I should feel compelled to commit you to another Court, and your lightest punishment would be a term in the chain-gang, even if you were not sent straight away to Norfolk Island. It is your good fortune, however, to have been assigned to a humane and merciful master, who has spoken for you as I am bound to say I should not have done in his place. He has magnanimously made the most of the one slender point that might be urged in your favour. He has begged me to deal with you here and now. He is generously anxious to give you another chance, of which, for your own good, I would exhort you to take grateful advantage. Meanwhile, you have not me to thank, but Dr. Sullivan entirely, for the ridiculously inadequate punishment which I am about to order you. You will be taken into the yard, and you will receive fifty lashes with the cat-o’-nine-tails.”
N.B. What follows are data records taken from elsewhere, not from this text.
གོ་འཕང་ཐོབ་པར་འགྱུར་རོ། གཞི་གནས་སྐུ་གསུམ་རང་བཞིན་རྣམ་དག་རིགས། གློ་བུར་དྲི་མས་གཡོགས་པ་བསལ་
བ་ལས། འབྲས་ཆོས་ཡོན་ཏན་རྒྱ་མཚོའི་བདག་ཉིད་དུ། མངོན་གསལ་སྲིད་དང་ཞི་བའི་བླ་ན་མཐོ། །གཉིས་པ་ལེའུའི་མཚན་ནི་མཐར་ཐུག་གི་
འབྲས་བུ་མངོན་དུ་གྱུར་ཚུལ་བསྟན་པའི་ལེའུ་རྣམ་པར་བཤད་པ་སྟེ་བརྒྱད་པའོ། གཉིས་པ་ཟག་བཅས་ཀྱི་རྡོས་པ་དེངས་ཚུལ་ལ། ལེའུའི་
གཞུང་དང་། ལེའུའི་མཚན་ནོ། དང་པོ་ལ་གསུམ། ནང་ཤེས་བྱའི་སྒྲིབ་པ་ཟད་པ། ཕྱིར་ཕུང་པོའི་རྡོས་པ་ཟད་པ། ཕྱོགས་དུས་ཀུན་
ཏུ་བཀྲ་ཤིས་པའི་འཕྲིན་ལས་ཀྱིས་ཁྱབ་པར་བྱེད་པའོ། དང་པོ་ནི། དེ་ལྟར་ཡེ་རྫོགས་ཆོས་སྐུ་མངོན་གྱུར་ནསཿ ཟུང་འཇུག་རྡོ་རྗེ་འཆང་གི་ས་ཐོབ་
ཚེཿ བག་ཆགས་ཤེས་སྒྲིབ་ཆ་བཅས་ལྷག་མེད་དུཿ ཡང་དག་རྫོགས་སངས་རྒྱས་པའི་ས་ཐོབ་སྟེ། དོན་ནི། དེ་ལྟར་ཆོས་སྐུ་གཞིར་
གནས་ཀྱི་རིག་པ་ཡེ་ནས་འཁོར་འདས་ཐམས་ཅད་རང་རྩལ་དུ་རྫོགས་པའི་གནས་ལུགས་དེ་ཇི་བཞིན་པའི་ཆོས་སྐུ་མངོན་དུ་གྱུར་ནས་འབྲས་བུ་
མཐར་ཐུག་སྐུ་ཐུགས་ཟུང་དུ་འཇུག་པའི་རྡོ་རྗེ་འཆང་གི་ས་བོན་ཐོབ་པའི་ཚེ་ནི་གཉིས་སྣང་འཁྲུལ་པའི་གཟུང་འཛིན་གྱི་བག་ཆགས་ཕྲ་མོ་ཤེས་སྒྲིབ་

At these words Tom turned very white, and opened his lips as if to speak, but shut them tight without a syllable. His dogged eyes gleamed, his handcuffs rattled, and his leg-irons clanked together as the constables took him by either arm and led him, without a murmur, from the room.

“Did I say too much?” asked Mr. Strachan, biting at a cheroot, when the magistrates were left alone.

“Not one word,” replied the doctor, cordially. “I am infinitely obliged to you for saying what you did—for the constables’ benefit, particularly. They seemed to see nothing wrong.”

Mr. Strachan shook his head “It was distinctly irregular, doctor. A clearer case for quarter sessions I have never heard.”